AVAILABLE DATA
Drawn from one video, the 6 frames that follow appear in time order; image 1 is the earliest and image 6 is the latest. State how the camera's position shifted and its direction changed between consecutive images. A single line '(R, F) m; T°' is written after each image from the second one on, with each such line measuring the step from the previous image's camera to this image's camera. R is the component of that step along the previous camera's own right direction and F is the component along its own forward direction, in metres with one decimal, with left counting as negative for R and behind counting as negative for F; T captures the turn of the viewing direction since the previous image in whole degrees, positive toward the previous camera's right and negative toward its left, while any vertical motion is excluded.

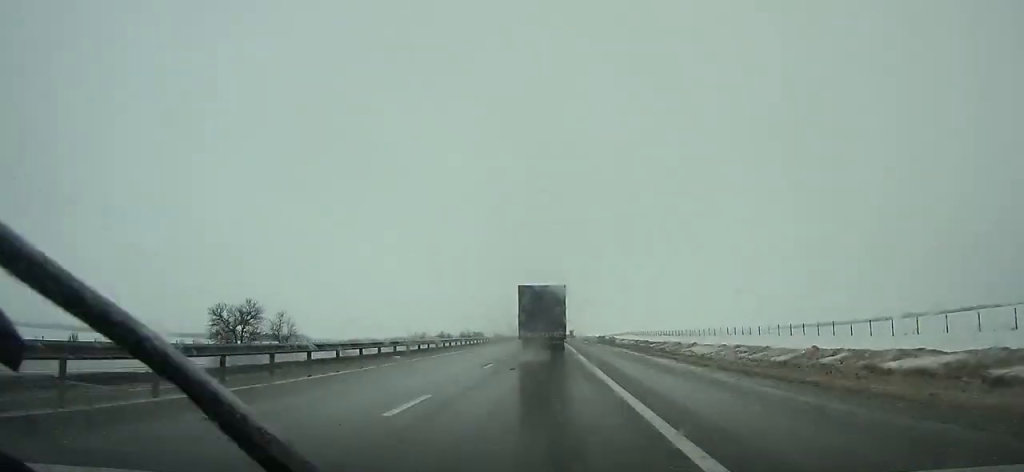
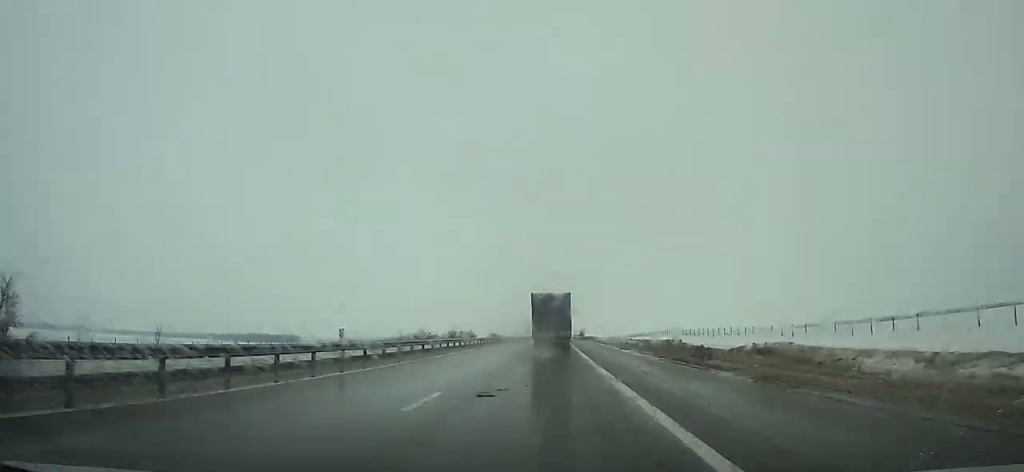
(+0.1, +47.6) m; 0°
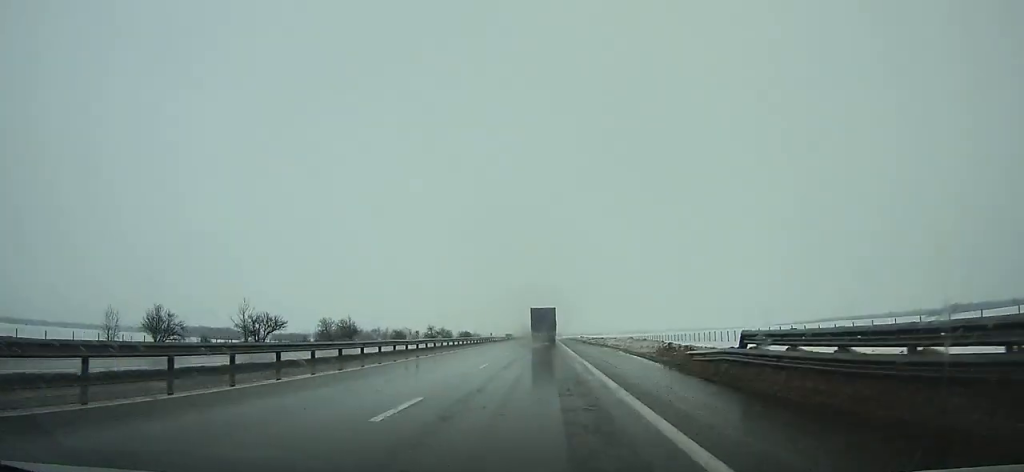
(-0.4, +146.7) m; -1°
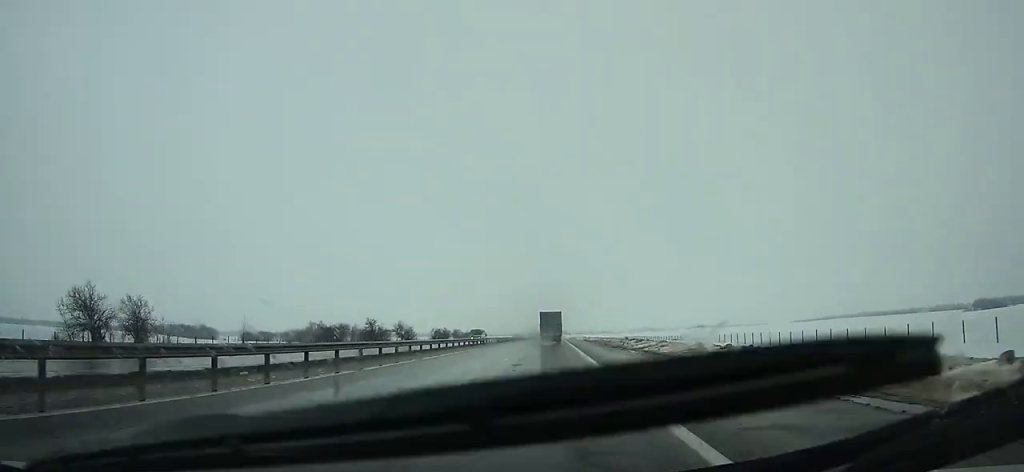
(-0.1, +67.2) m; 0°
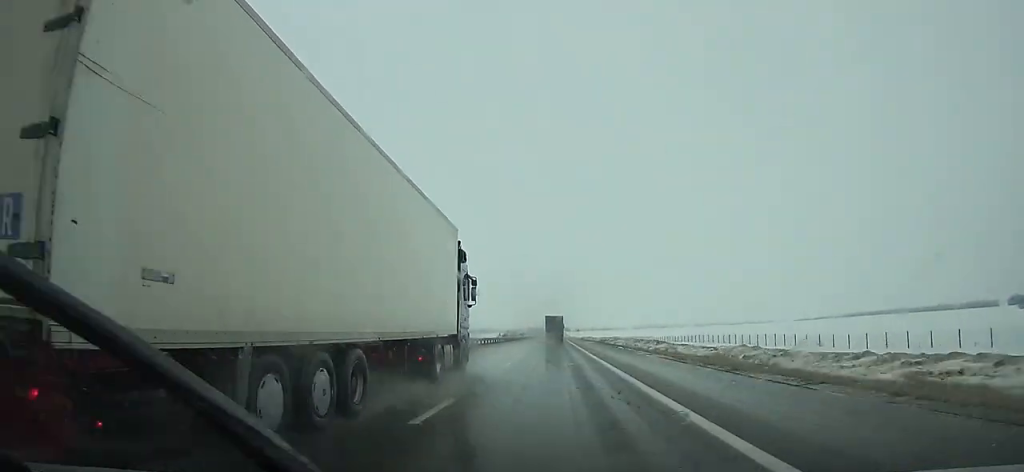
(+0.4, +102.2) m; +1°
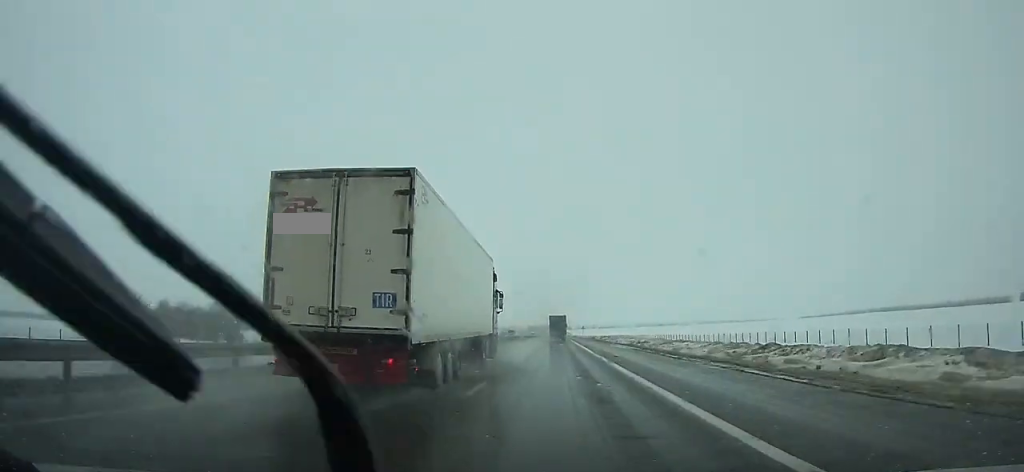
(0.0, +32.7) m; 0°

TRY IT
Retype everything in the entries exactly except the pictures.

OUTPUT OF THE EXERCISE
Drawn from one video, the 6 frames that follow appear in time order; image 1 is the earliest and image 6 is the latest. State how the camera's position shifted and its direction changed between consecutive images. A single line '(R, F) m; T°' is written after each image from the second one on, with each such line measuring the step from the previous image's camera to this image's camera. R is the component of that step along the previous camera's own right direction and F is the component along its own forward direction, in metres with one decimal, with left counting as negative for R and behind counting as negative for F; T captures the turn of the viewing direction since the previous image in whole degrees, positive toward the previous camera's right and negative toward its left, while any vertical motion is excluded.

(+0.1, +47.6) m; 0°
(-0.4, +146.7) m; -1°
(-0.1, +67.2) m; 0°
(+0.4, +102.2) m; +1°
(0.0, +32.7) m; 0°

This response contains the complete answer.